For her part, Janet Walden, Chief Operating Officer of the Natural Sciences and Engineering Council of Canada, notes: “NSERC's Industrial Research Chairholders, such as Dr. Ruiz, share a unique blend of qualities – they strive for excellence in research, provide a rich learning environment for their students, and are able to build and nurture productive, successful relationships with their industrial partners, applying fundamental research to address industry R&D needs. Dr. Ruiz's work with Safran will position Canada as a global leader in composite materials research, helping the aerospace industry make planes lighter.”

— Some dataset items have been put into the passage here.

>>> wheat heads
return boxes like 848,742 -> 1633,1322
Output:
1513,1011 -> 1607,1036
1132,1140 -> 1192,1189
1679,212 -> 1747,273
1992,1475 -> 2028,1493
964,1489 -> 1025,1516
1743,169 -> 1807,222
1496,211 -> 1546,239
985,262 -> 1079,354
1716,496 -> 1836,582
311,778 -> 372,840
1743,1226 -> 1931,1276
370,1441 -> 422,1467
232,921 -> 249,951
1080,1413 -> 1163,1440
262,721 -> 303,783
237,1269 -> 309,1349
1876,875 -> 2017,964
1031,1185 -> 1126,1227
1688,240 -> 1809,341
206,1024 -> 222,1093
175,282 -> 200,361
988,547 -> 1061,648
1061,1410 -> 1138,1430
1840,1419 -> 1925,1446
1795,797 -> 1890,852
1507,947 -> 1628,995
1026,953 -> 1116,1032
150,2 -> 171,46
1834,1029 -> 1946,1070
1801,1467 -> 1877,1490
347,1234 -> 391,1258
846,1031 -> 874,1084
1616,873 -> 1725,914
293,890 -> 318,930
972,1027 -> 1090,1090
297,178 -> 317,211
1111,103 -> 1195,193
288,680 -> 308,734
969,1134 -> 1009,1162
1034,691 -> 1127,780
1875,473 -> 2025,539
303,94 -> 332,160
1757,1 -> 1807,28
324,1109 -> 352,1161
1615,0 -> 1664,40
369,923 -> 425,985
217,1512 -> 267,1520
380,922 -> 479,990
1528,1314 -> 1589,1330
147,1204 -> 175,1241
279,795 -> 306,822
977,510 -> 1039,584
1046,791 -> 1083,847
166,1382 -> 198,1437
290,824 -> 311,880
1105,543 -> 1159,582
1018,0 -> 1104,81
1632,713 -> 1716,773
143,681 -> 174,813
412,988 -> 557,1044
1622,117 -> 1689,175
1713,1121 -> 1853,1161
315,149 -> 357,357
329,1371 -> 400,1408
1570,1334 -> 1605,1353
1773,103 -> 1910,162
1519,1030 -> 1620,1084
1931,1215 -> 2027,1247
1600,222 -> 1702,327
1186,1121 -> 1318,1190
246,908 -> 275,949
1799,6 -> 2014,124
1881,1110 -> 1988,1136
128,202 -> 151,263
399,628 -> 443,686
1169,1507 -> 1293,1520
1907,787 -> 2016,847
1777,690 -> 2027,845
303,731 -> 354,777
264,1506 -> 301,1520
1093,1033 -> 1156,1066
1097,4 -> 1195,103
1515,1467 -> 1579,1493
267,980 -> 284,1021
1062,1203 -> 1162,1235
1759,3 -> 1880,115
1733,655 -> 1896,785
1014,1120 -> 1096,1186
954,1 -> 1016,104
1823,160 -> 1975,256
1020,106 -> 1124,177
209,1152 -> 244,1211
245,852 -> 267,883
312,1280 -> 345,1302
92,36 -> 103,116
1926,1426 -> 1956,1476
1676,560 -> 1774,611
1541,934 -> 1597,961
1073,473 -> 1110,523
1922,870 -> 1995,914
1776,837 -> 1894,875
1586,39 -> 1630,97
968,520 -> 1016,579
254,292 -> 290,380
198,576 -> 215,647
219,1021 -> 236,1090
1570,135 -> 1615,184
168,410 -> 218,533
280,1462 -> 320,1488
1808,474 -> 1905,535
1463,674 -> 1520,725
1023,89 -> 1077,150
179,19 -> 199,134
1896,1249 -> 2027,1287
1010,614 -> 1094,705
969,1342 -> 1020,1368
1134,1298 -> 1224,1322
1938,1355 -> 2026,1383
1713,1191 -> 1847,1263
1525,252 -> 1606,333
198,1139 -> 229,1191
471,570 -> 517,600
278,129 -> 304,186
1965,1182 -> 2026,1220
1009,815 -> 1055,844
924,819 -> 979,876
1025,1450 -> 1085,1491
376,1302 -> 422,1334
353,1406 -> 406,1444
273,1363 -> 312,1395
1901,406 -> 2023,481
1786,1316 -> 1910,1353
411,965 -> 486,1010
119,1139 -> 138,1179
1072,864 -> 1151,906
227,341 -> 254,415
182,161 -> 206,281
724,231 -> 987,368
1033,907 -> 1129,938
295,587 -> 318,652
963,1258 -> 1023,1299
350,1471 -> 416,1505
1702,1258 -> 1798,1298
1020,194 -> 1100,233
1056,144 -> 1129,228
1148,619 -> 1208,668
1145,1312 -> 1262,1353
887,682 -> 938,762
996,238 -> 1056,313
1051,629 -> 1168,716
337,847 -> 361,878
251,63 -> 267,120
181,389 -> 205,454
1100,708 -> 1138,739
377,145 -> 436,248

An incubator for young scientists
Because of its broad scope of activities and expertise, as well as its collaborations with major industry players, the NSERC-Safran Industrial Research Chair on Novel 3D Composite Materials for the Aerospace Industry makes for a unique training environment. Some 50 students will actively take part in the Chair's research work, and will be trained to use avant-garde technologies in the realm of manufacturing and composite characterization.

About Safran
Safran is an international high-technology group, and a first-rank equipment manufacturer in the fields of aerospace (propulsion, equipment), defence and security. Present on every continent, the group employs 65,000 people for an annual sales figure of over €13.5 billion in 2012. Composed of numerous companies, the Safran group, alone or in partnership, holds leading positions in its markets in Europe and the world. To respond to market evolution, the group is committed to research and development programs representing €1.1 billion in 2012. Safran holds several units and plants in Québec, including Turbomeca, Messier-Dowty and Sagem-Morpho.